We consent to your filing this opinion as an exhibit to the Registration Statement.

 

Respectfully submitted,

/s/ O’Melveny & Myers LLP

Consent of PricewaterhouseCoopers LLP

Exhibit 23.1

CONSENT OF INDEPENDENT REGISTERED PUBLIC ACCOUNTING FIRM

We hereby consent to the incorporation by reference in this Registration Statement on Form S-8 of our report dated February 27, 2009 relating to the consolidated financial statements, financial statement schedule, and the effectiveness of internal control over financial reporting, which appears in Yahoo! Inc.’s Annual Report on Form 10-K for the year ended December 31, 2008.

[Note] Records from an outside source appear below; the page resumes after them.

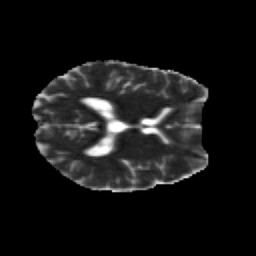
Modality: MD
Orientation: axial
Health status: healthy
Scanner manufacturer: siemens
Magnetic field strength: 3 T
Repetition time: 12 s
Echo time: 0.092 s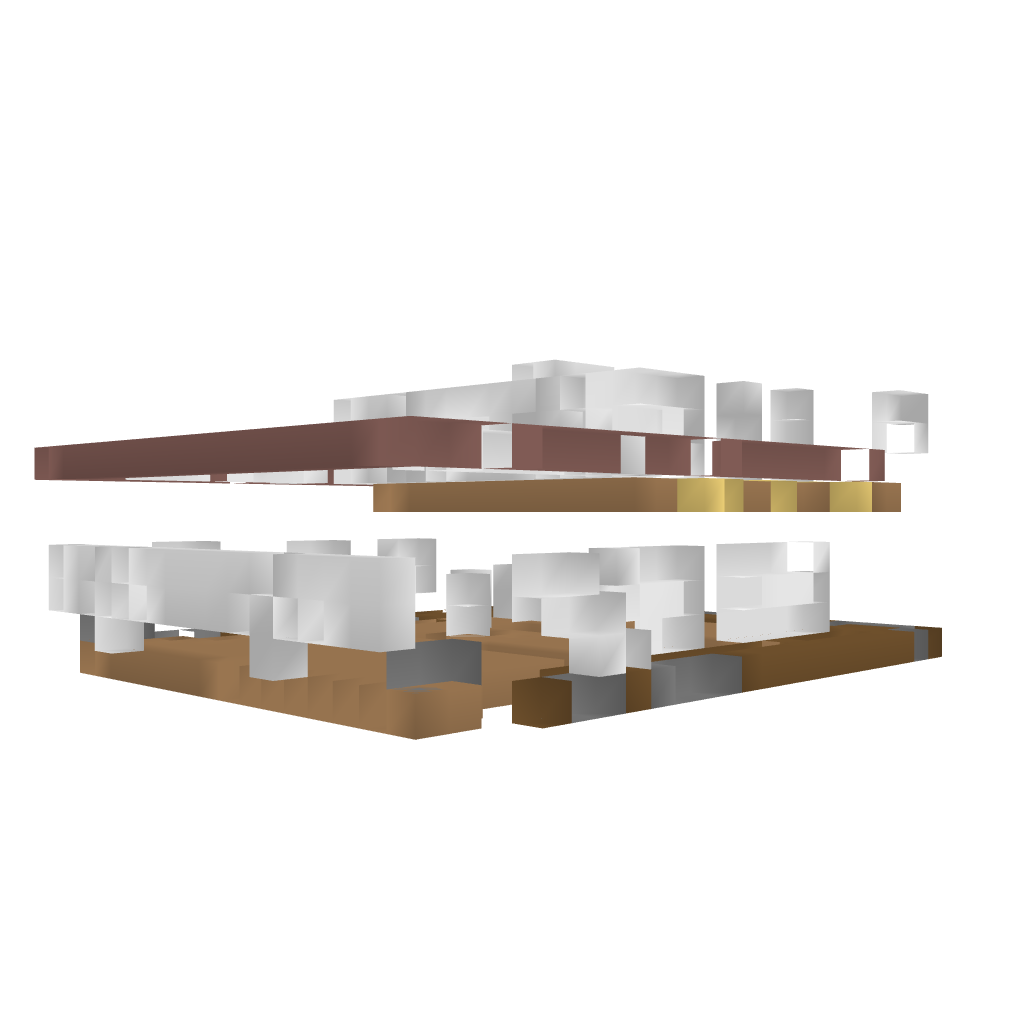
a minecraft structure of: S-Shaped House - Unfurnished bad low quality
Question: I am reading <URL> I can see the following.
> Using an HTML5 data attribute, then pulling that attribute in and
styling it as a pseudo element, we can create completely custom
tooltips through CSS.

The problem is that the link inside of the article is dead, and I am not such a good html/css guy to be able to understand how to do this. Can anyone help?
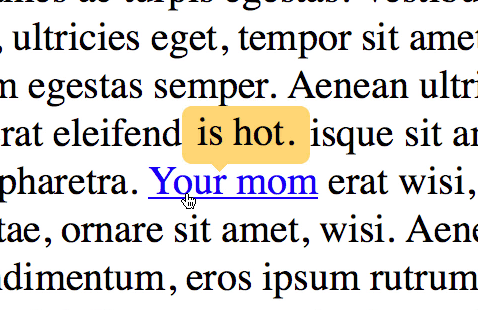
Answer: <URL>.
'''
.tooltip {
display: inline;
position: relative;
}
.tooltip:hover {
color: #c00;
text-decoration: none;
}
.tooltip:hover:after {
background: #111;
background: rgba(0, 0, 0, .8);
border-radius: .5em;
bottom: 1.35em;
color: #fff;
content: attr(title);
display: block;
left: 1em;
padding: .3em 1em;
position: absolute;
text-shadow: 0 1px 0 #000;
white-space: nowrap;
z-index: 98;
}
.tooltip:hover:before {
border: solid;
border-color: #111 transparent;
border-color: rgba(0, 0, 0, .8) transparent;
border-width: .4em .4em 0 .4em;
bottom: 1em;
content: "";
display: block;
left: 2em;
position: absolute;
z-index: 99;
}
'''
'''
<p>Vestibulum mollis mauris <a href="#" class="tooltip" title="Sample tooltip">pellentesque</a></p>
'''

/s/ PricewaterhouseCoopers LLP

PricewaterhouseCoopers LLP

San Jose, California

December 18, 2009

Consent of Deloitte Touche Tohmatsu LLC

Exhibit 23.2

CONSENT OF INDEPENDENT AUDITORS

We consent to the incorporation by reference in this Registration Statement on Form S-8 of Yahoo! Inc. of our report dated September 25, 2009 relating to the consolidated financial statements of Yahoo Japan Corporation and Consolidated Subsidiaries as of March 31, 2009 and 2008, and for the years then ended (which report expresses an unqualified opinion and includes explanatory paragraphs relating to: 1) the differences between accounting principles generally accepted in Japan and accounting principles generally accepted in the United States of America; 2) change in the accounting treatment for traffic acquisition cost and commission paid to sales agents; and 3) translation of Japanese Yen amounts into U.S. dollars), appearing in Amendment No. 1 to the Annual Report on Form 10-K of Yahoo! Inc. for the year ended December 31, 2008.